— The problem —
From first line to last, transcribe the listing exactly and skip any image.

#### Dataset content

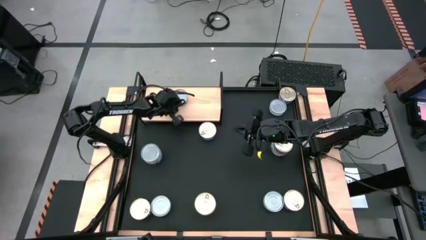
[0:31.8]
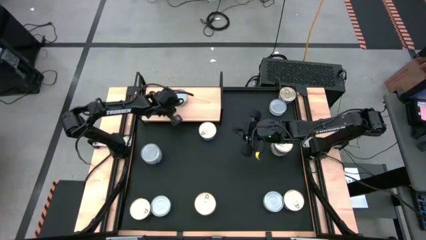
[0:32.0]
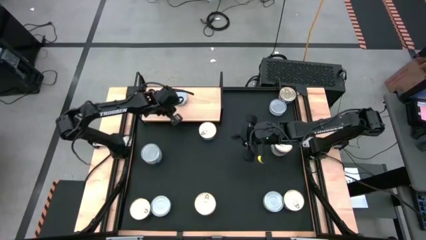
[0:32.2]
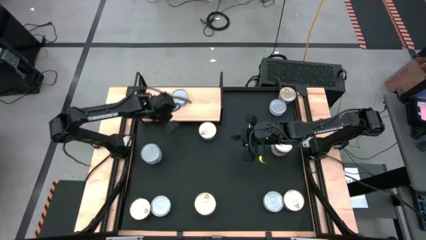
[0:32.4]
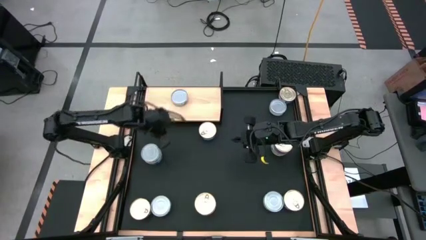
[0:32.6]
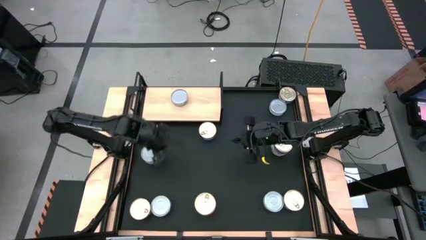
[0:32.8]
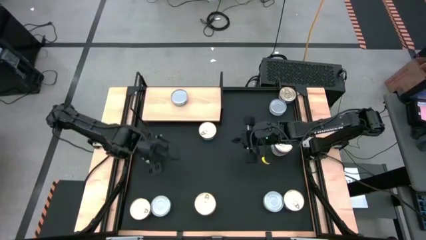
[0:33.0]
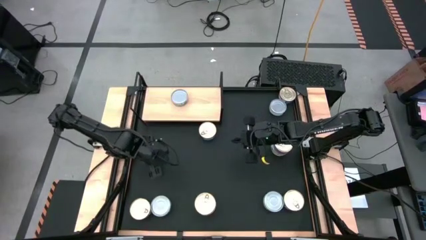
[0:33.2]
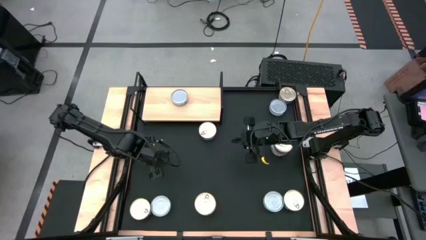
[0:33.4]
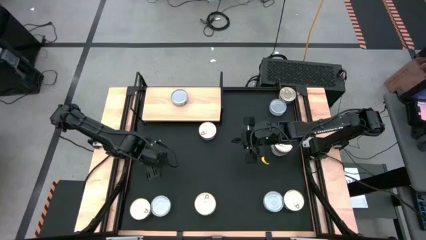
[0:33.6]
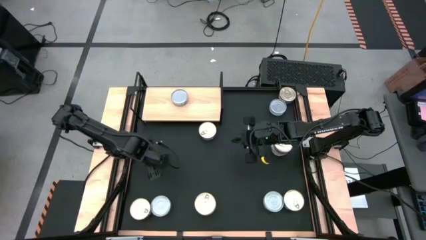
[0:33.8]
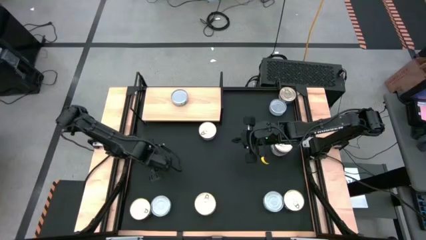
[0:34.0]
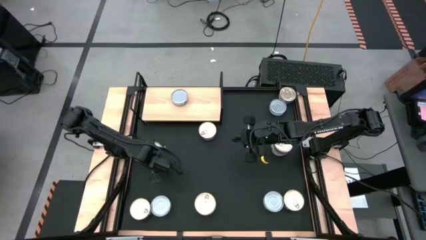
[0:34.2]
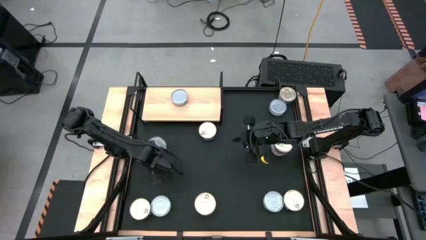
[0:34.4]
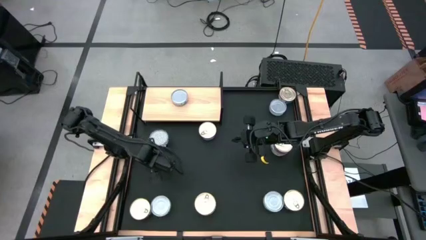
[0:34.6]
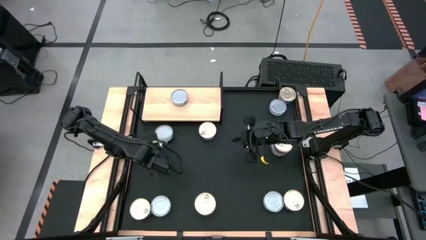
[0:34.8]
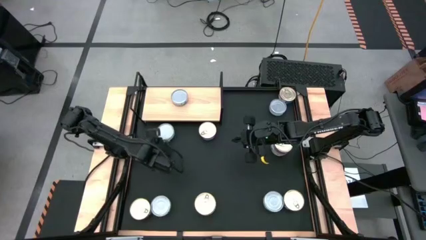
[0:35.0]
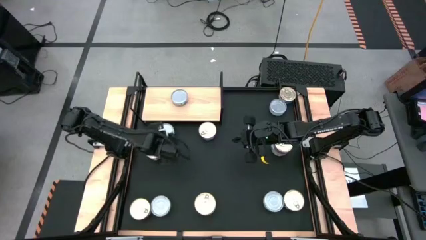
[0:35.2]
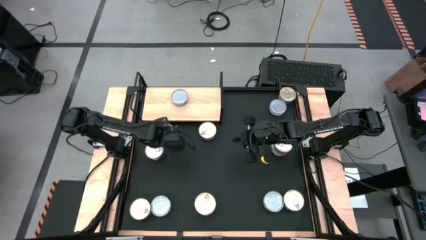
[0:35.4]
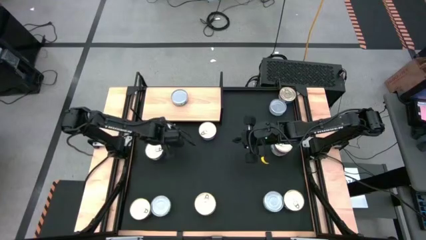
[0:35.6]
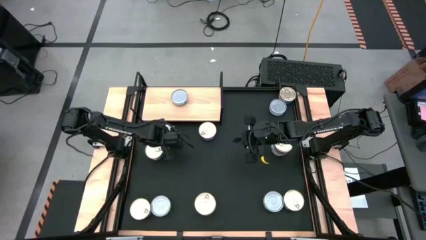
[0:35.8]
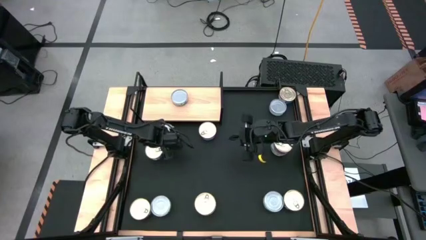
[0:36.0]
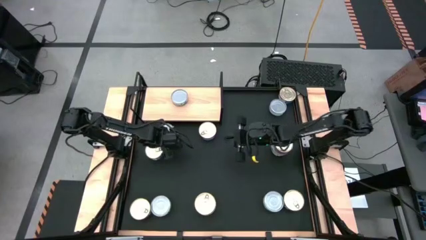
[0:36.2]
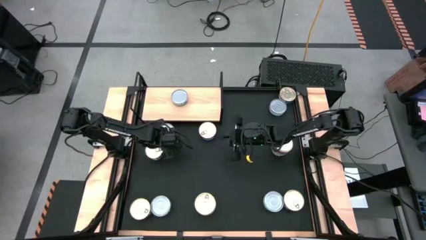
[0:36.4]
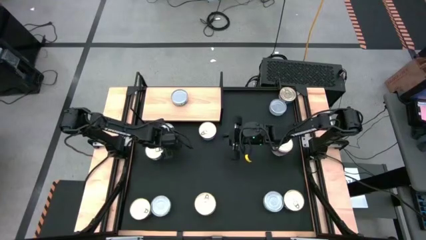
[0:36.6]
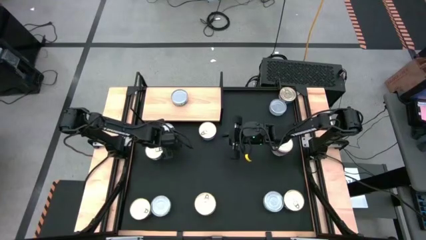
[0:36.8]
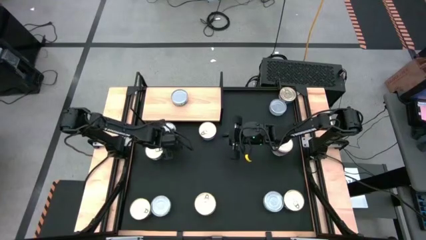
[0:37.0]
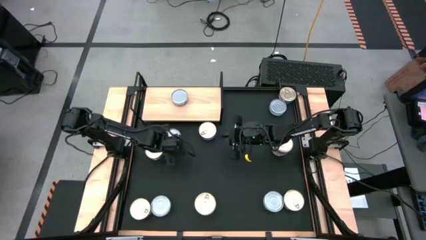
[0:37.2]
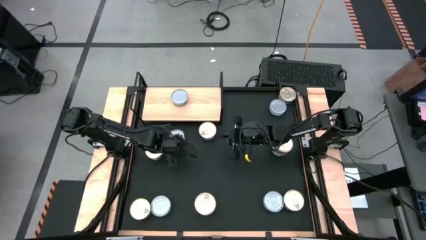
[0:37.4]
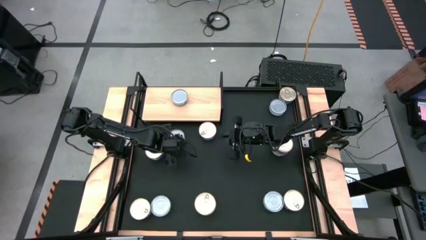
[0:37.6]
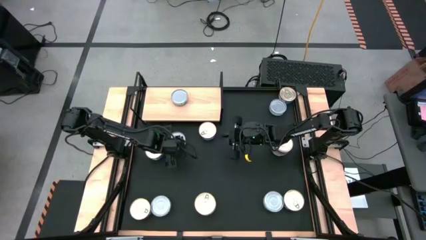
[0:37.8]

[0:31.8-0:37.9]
Task: Stack canned seafood by type on shelf
Put the green tuna can on the shelf

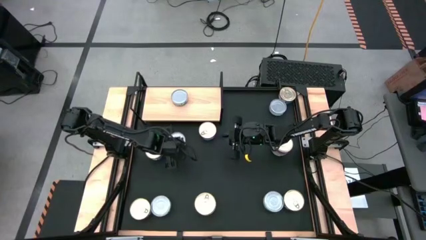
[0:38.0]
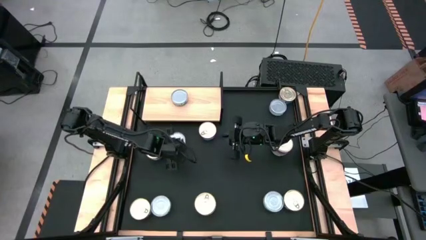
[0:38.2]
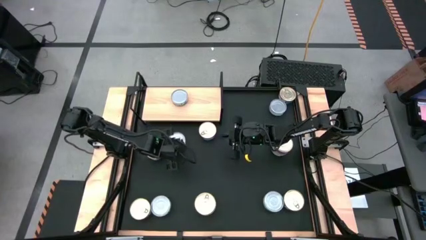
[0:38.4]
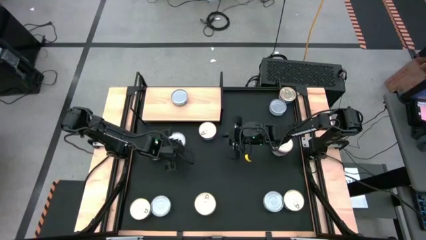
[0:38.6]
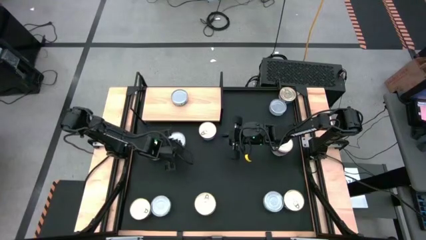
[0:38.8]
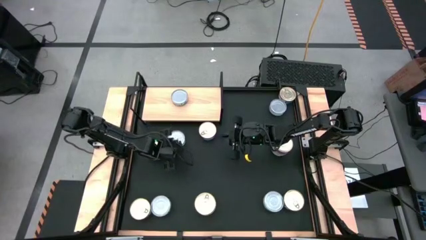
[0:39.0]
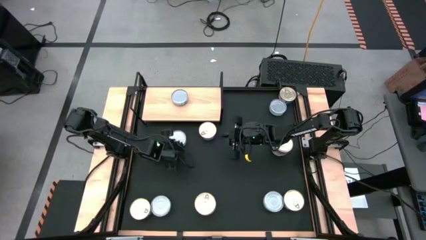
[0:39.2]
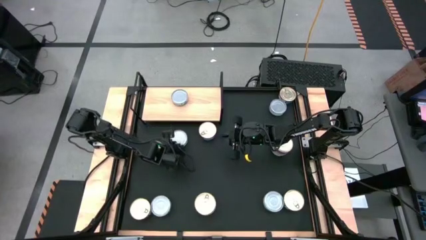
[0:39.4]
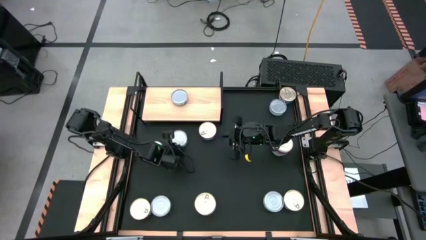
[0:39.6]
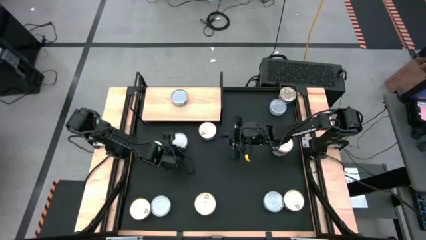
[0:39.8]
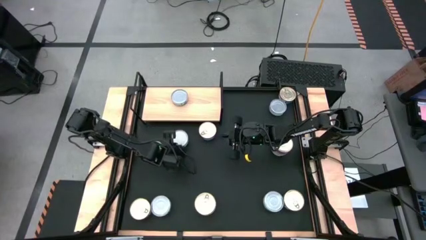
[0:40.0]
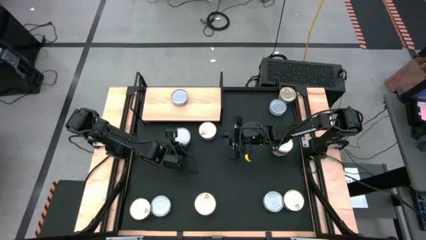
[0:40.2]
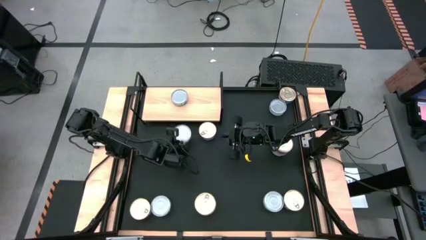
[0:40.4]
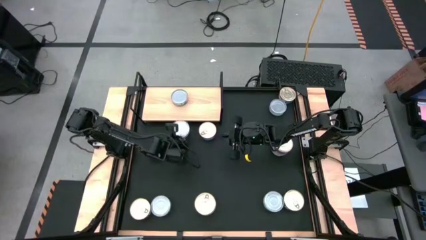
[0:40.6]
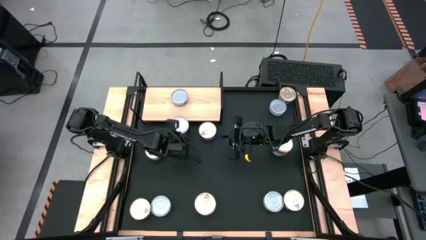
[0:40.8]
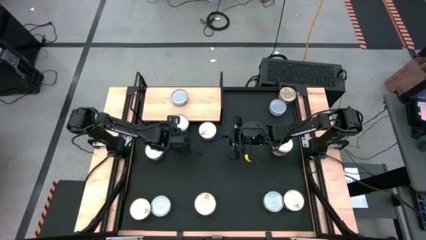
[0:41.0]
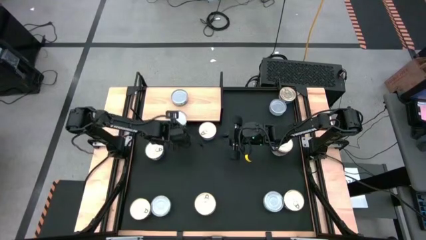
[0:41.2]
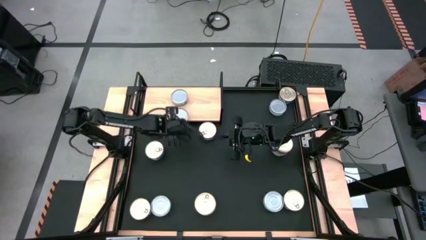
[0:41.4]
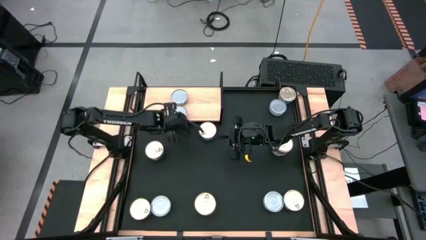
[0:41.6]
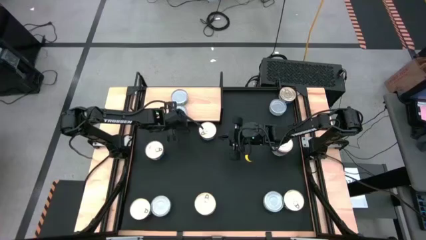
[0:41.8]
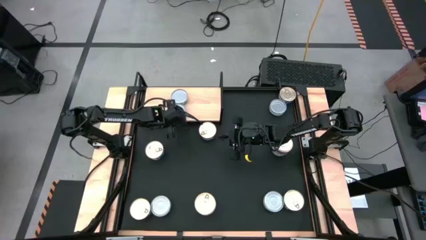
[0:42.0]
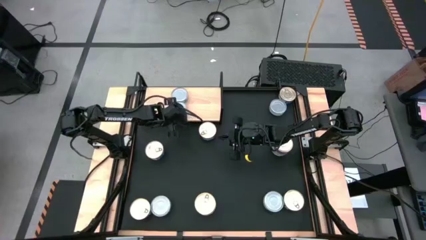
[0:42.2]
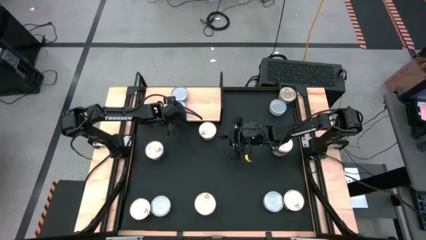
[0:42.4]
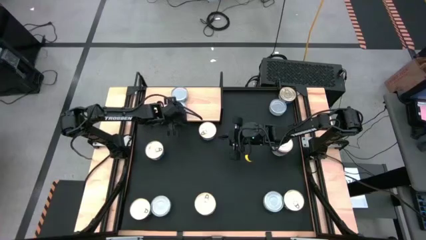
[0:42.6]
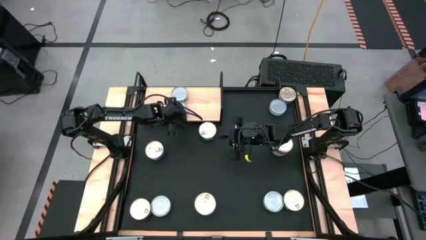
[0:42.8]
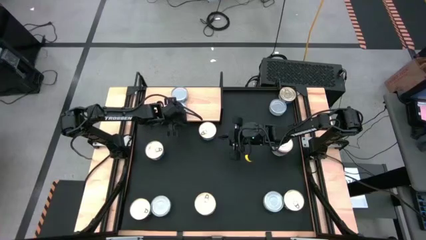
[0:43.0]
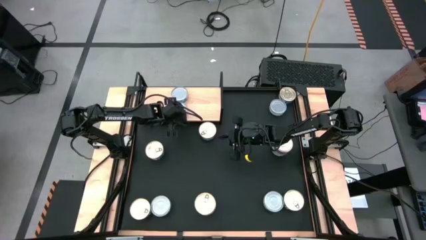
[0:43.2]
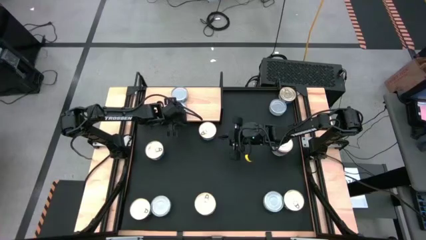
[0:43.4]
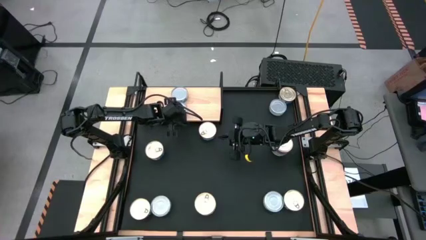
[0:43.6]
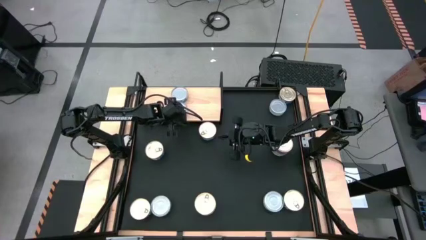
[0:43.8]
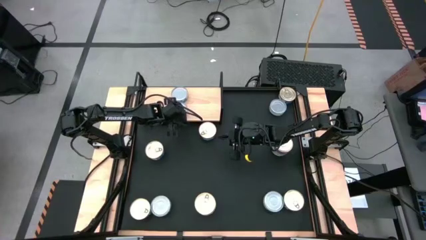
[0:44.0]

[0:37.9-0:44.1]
Put the green tuna can on the shelf

########

— Response to this exercise —
[0:31.8]
[0:32.0]
[0:32.2]
[0:32.4]
[0:32.6]
[0:32.8]
[0:33.0]
[0:33.2]
[0:33.4]
[0:33.6]
[0:33.8]
[0:34.0]
[0:34.2]
[0:34.4]
[0:34.6]
[0:34.8]
[0:35.0]
[0:35.2]
[0:35.4]
[0:35.6]
[0:35.8]
[0:36.0]
[0:36.2]
[0:36.4]
[0:36.6]
[0:36.8]
[0:37.0]
[0:37.2]
[0:37.4]
[0:37.6]
[0:37.8]

[0:31.8-0:37.9]
Task: Stack canned seafood by type on shelf
Put the green tuna can on the shelf

[0:38.0]
[0:38.2]
[0:38.4]
[0:38.6]
[0:38.8]
[0:39.0]
[0:39.2]
[0:39.4]
[0:39.6]
[0:39.8]
[0:40.0]
[0:40.2]
[0:40.4]
[0:40.6]
[0:40.8]
[0:41.0]
[0:41.2]
[0:41.4]
[0:41.6]
[0:41.8]
[0:42.0]
[0:42.2]
[0:42.4]
[0:42.6]
[0:42.8]
[0:43.0]
[0:43.2]
[0:43.4]
[0:43.6]
[0:43.8]
[0:44.0]

[0:37.9-0:44.1]
Put the green tuna can on the shelf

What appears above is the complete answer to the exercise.